ACTION ITEM:
Would you transcribe the records below exactly, omitting every picture?

—————

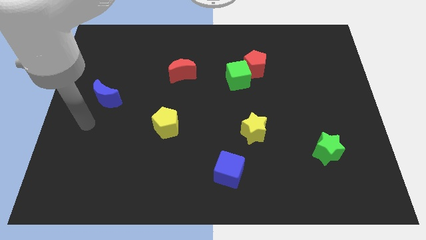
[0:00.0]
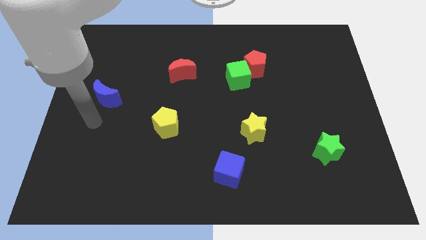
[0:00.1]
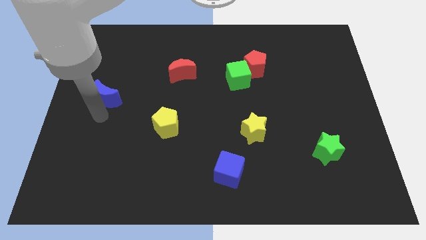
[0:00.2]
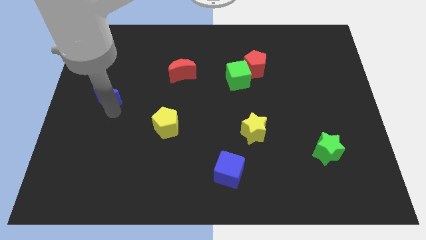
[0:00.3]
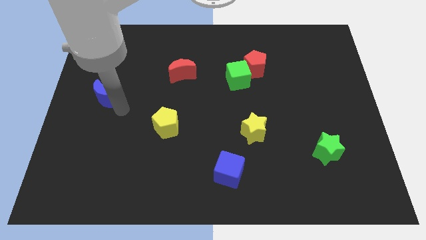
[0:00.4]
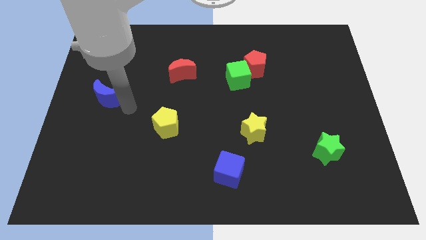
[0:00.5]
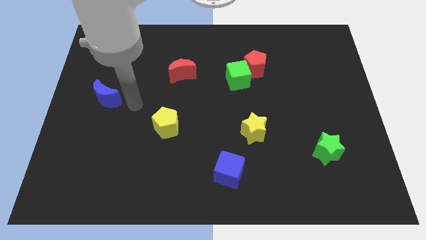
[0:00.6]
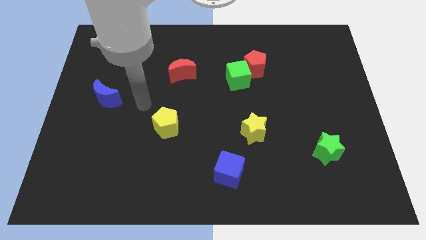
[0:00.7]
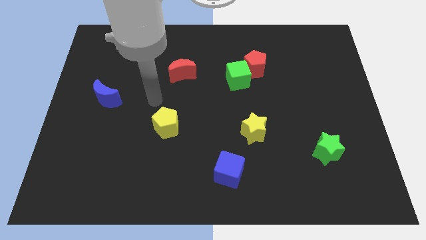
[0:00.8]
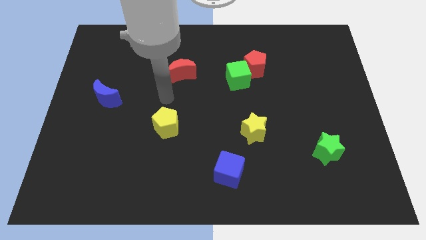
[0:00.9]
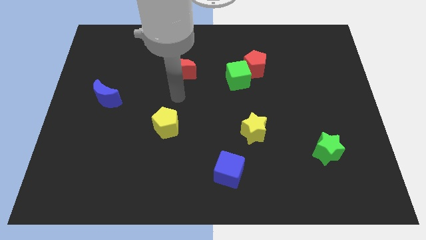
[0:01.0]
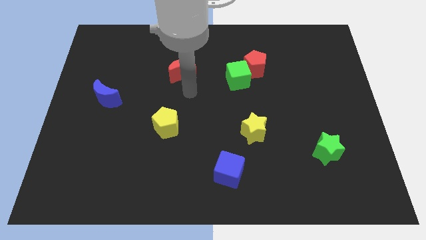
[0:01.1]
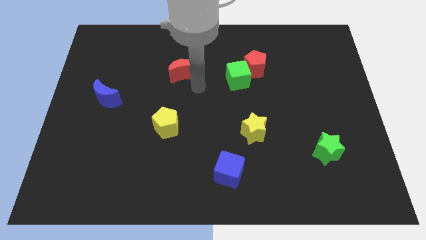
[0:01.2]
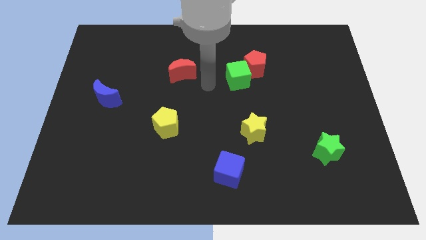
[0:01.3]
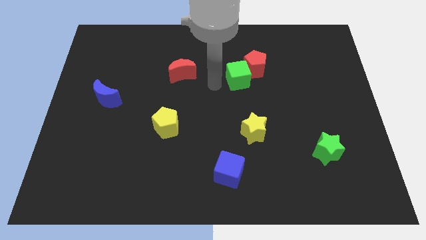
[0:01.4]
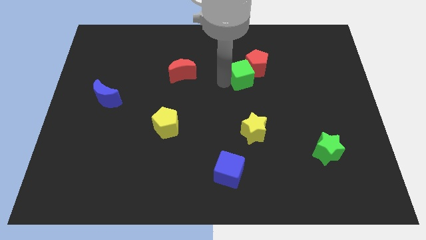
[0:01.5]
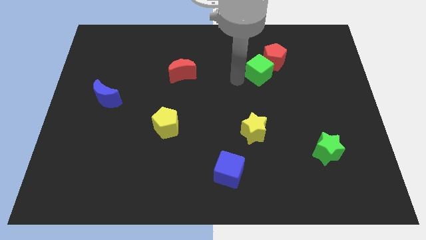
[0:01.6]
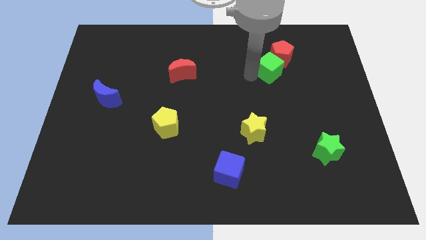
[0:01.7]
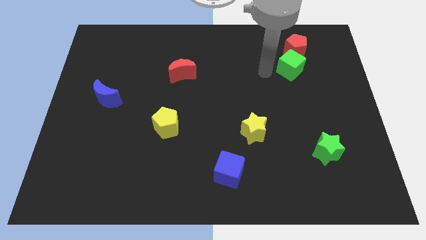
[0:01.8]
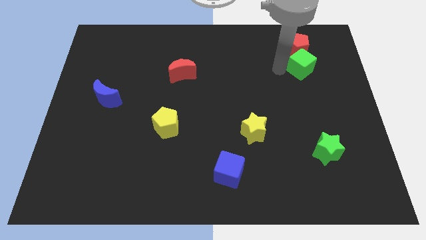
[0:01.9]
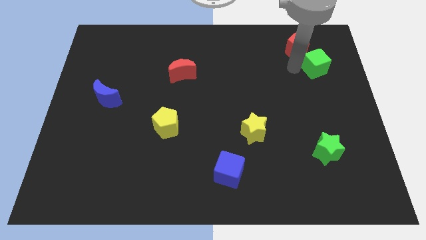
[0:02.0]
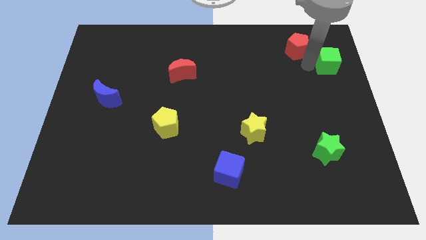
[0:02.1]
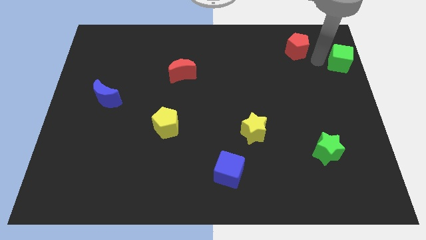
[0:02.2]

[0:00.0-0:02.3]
pull the red pentagon apart from the green cube

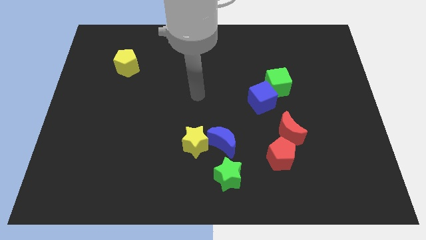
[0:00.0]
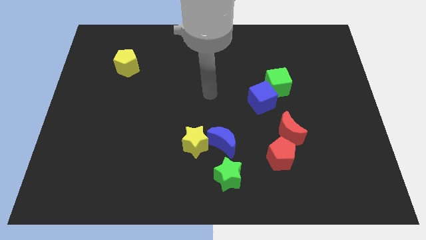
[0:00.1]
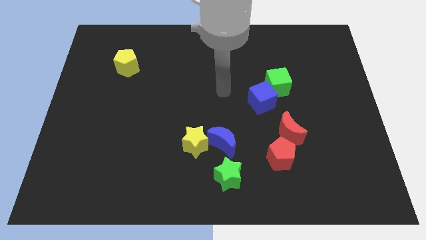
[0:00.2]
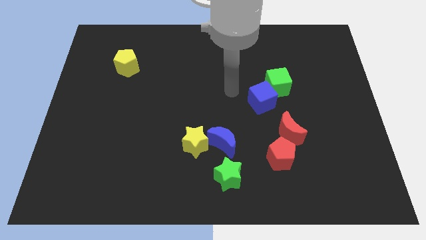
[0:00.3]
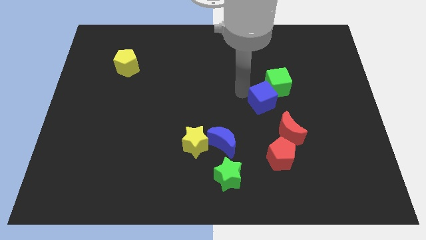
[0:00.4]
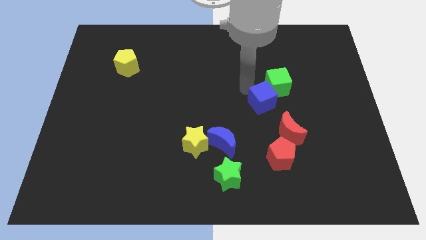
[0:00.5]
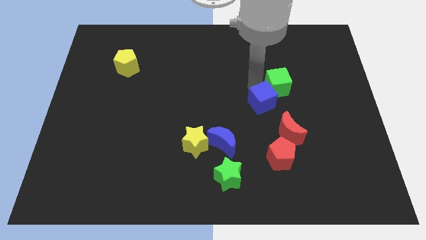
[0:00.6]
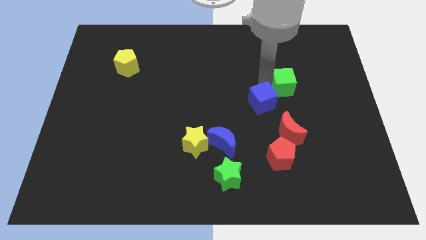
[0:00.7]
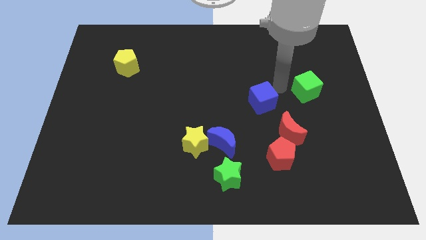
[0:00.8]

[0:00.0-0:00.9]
move the blue cube away from the green cube

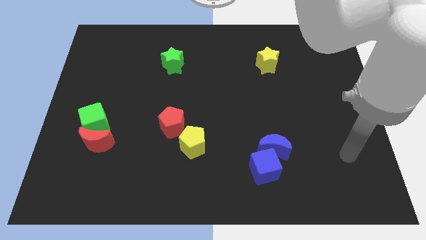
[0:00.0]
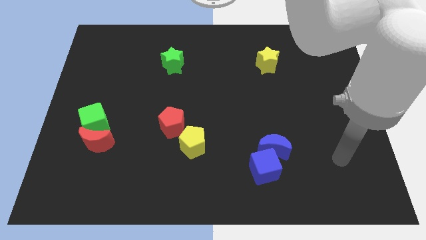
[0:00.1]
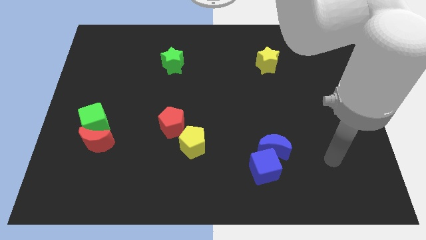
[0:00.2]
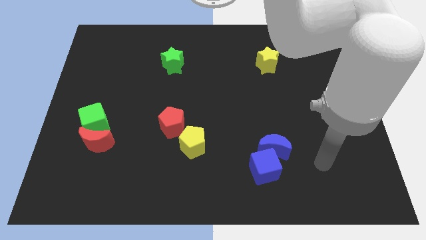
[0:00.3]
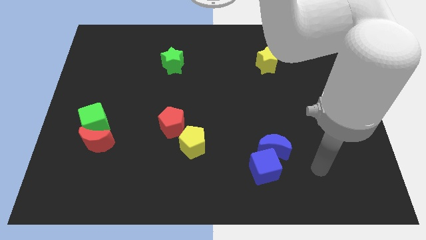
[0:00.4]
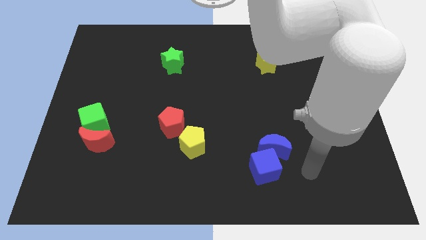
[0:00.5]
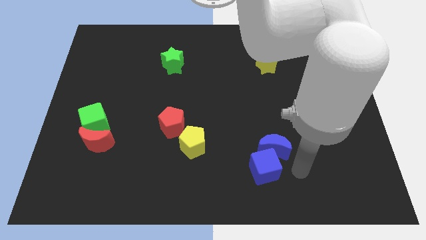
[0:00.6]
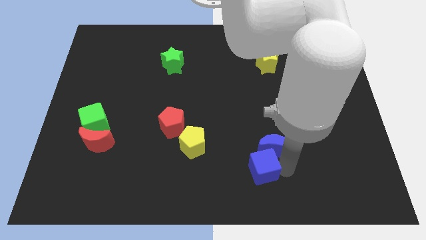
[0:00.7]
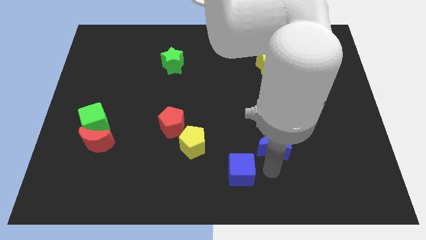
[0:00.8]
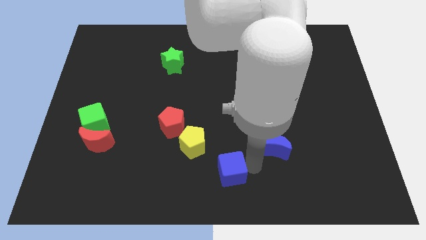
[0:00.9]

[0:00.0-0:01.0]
move the blue moon away from the blue cube

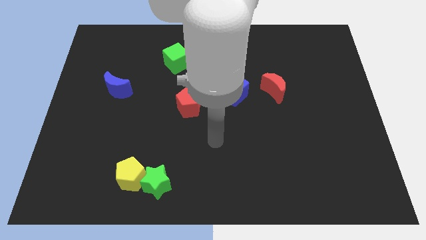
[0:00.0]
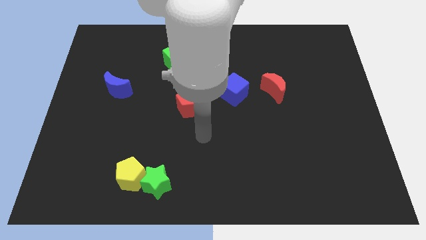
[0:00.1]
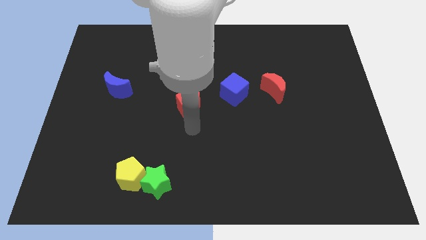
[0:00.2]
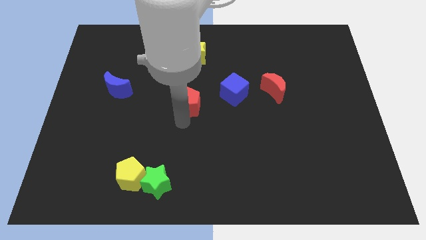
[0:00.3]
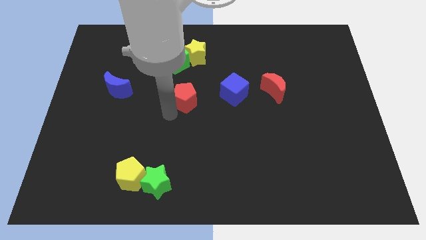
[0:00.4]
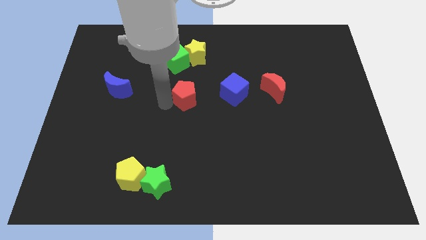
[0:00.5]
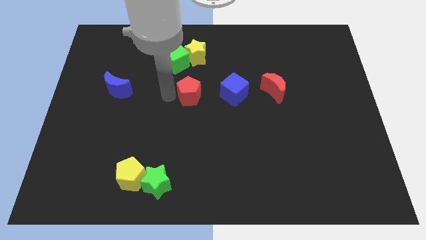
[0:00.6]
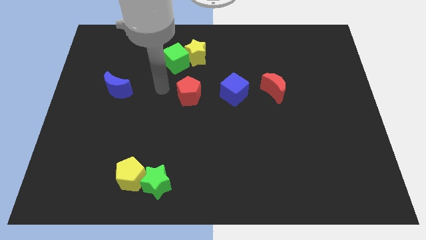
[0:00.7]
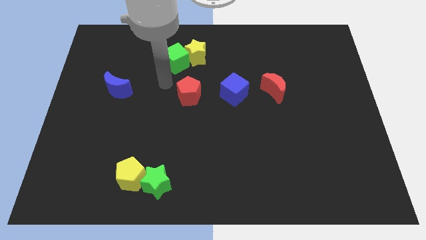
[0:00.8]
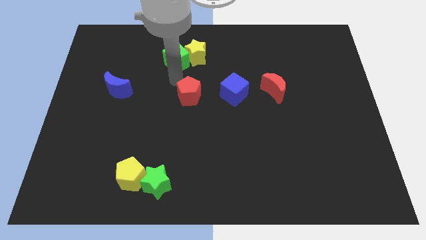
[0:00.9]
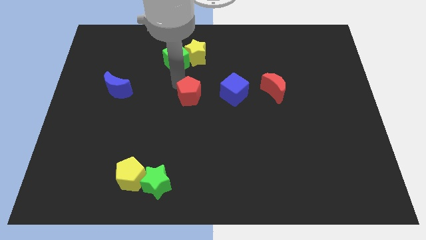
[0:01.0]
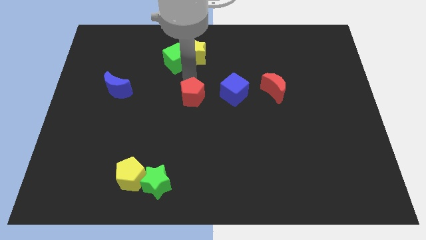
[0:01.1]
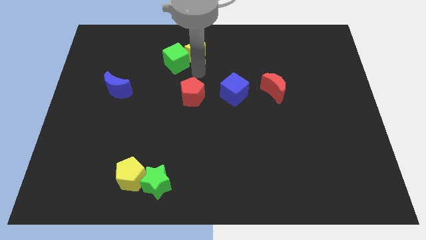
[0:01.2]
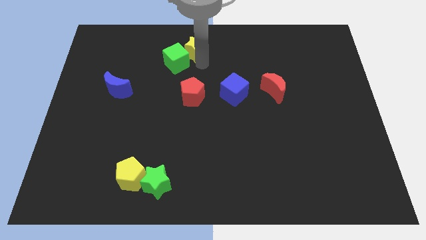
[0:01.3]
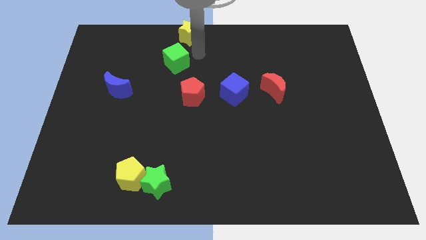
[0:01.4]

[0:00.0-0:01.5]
move the green cube away from the yellow star

—————

COMPLETED TASK:
[0:00.0]
[0:00.1]
[0:00.2]
[0:00.3]
[0:00.4]
[0:00.5]
[0:00.6]
[0:00.7]
[0:00.8]
[0:00.9]
[0:01.0]
[0:01.1]
[0:01.2]
[0:01.3]
[0:01.4]
[0:01.5]
[0:01.6]
[0:01.7]
[0:01.8]
[0:01.9]
[0:02.0]
[0:02.1]
[0:02.2]

[0:00.0-0:02.3]
pull the red pentagon apart from the green cube

[0:00.0]
[0:00.1]
[0:00.2]
[0:00.3]
[0:00.4]
[0:00.5]
[0:00.6]
[0:00.7]
[0:00.8]

[0:00.0-0:00.9]
move the blue cube away from the green cube

[0:00.0]
[0:00.1]
[0:00.2]
[0:00.3]
[0:00.4]
[0:00.5]
[0:00.6]
[0:00.7]
[0:00.8]
[0:00.9]

[0:00.0-0:01.0]
move the blue moon away from the blue cube

[0:00.0]
[0:00.1]
[0:00.2]
[0:00.3]
[0:00.4]
[0:00.5]
[0:00.6]
[0:00.7]
[0:00.8]
[0:00.9]
[0:01.0]
[0:01.1]
[0:01.2]
[0:01.3]
[0:01.4]

[0:00.0-0:01.5]
move the green cube away from the yellow star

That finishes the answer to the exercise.